■ EXERCISE DIRECTIONS
Word for word, output the data, with none of its pictures.

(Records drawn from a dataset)
▬▬▬▬▬▬▬▬▬▬

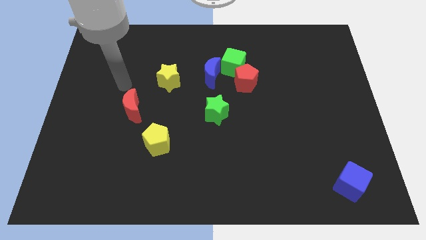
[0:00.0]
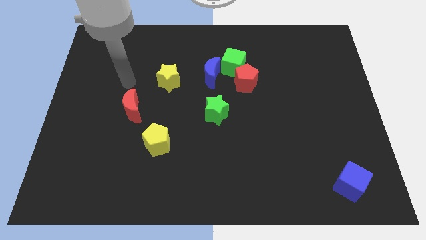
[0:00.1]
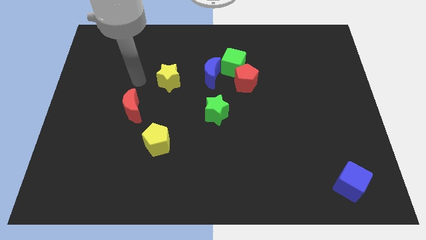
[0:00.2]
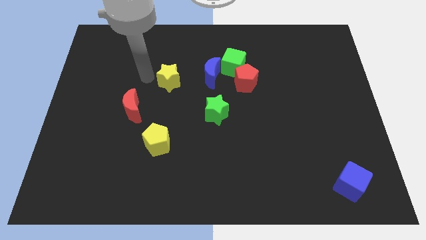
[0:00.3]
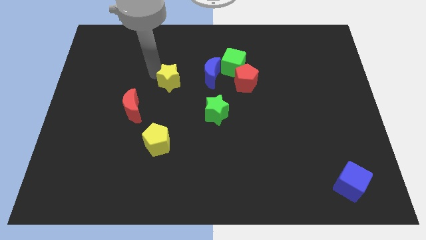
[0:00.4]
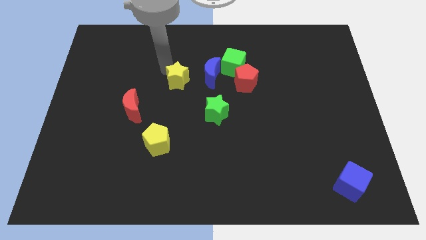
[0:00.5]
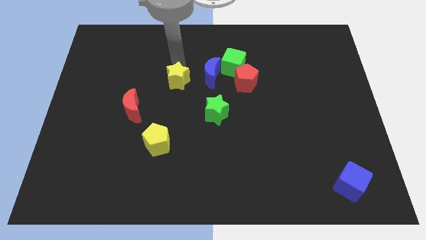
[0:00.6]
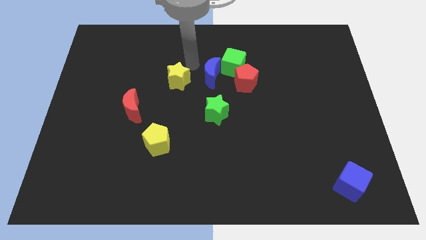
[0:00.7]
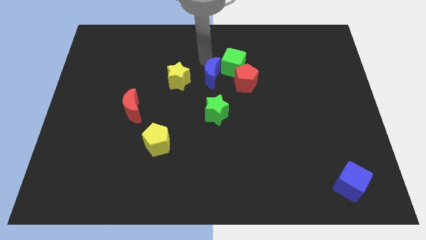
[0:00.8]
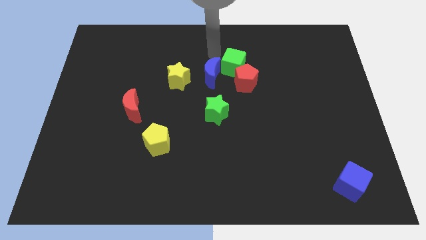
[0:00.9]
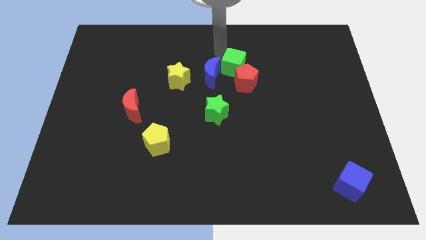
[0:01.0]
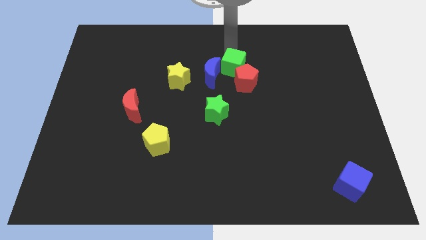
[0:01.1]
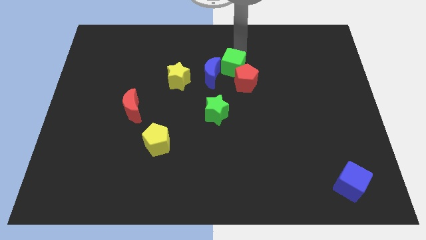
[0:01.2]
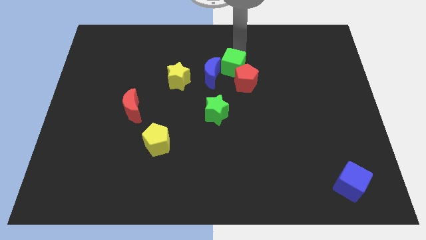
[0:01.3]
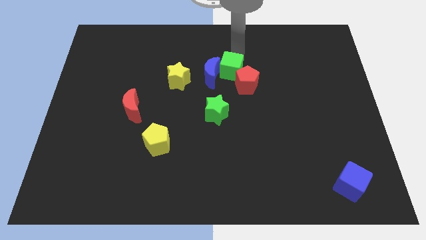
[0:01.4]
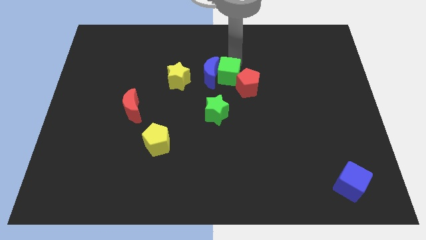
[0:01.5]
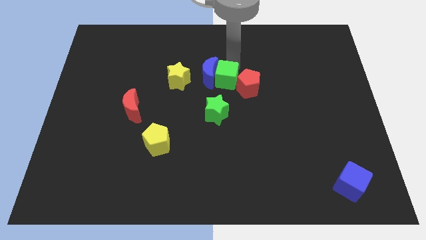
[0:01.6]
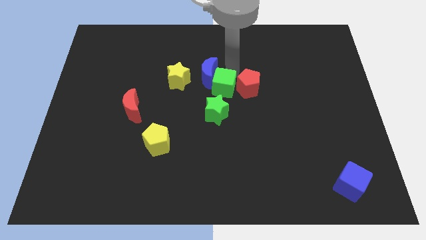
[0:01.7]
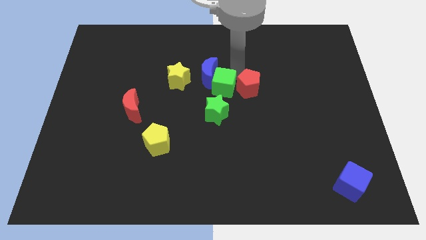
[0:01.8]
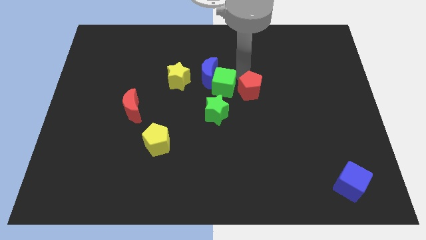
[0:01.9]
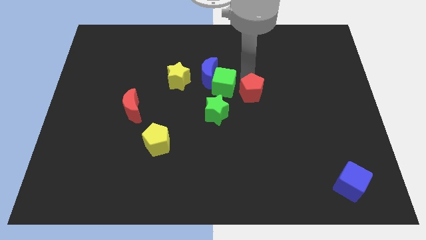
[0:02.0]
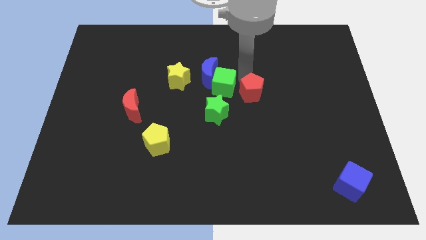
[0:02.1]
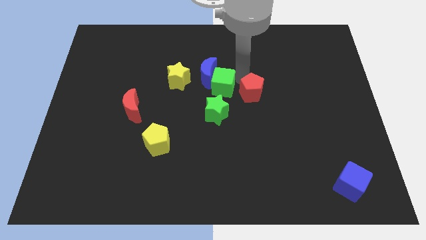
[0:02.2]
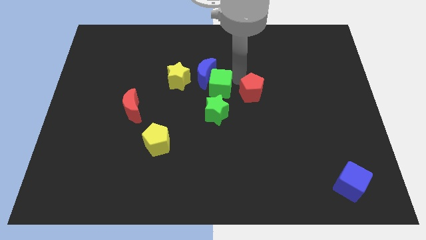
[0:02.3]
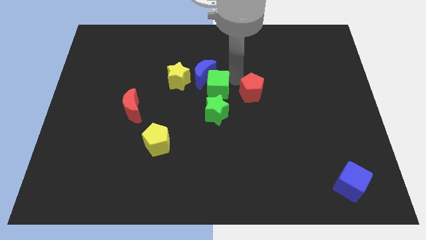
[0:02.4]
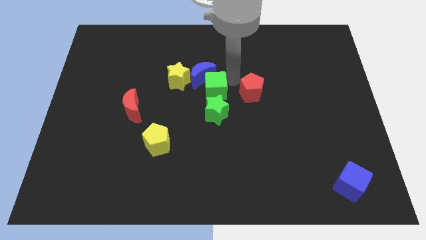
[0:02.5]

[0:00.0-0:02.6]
push the green cube to the top left side of the green star

▬▬▬▬▬▬▬▬▬▬

■ ANSWER TO THIS EXERCISE
[0:00.0]
[0:00.1]
[0:00.2]
[0:00.3]
[0:00.4]
[0:00.5]
[0:00.6]
[0:00.7]
[0:00.8]
[0:00.9]
[0:01.0]
[0:01.1]
[0:01.2]
[0:01.3]
[0:01.4]
[0:01.5]
[0:01.6]
[0:01.7]
[0:01.8]
[0:01.9]
[0:02.0]
[0:02.1]
[0:02.2]
[0:02.3]
[0:02.4]
[0:02.5]

[0:00.0-0:02.6]
push the green cube to the top left side of the green star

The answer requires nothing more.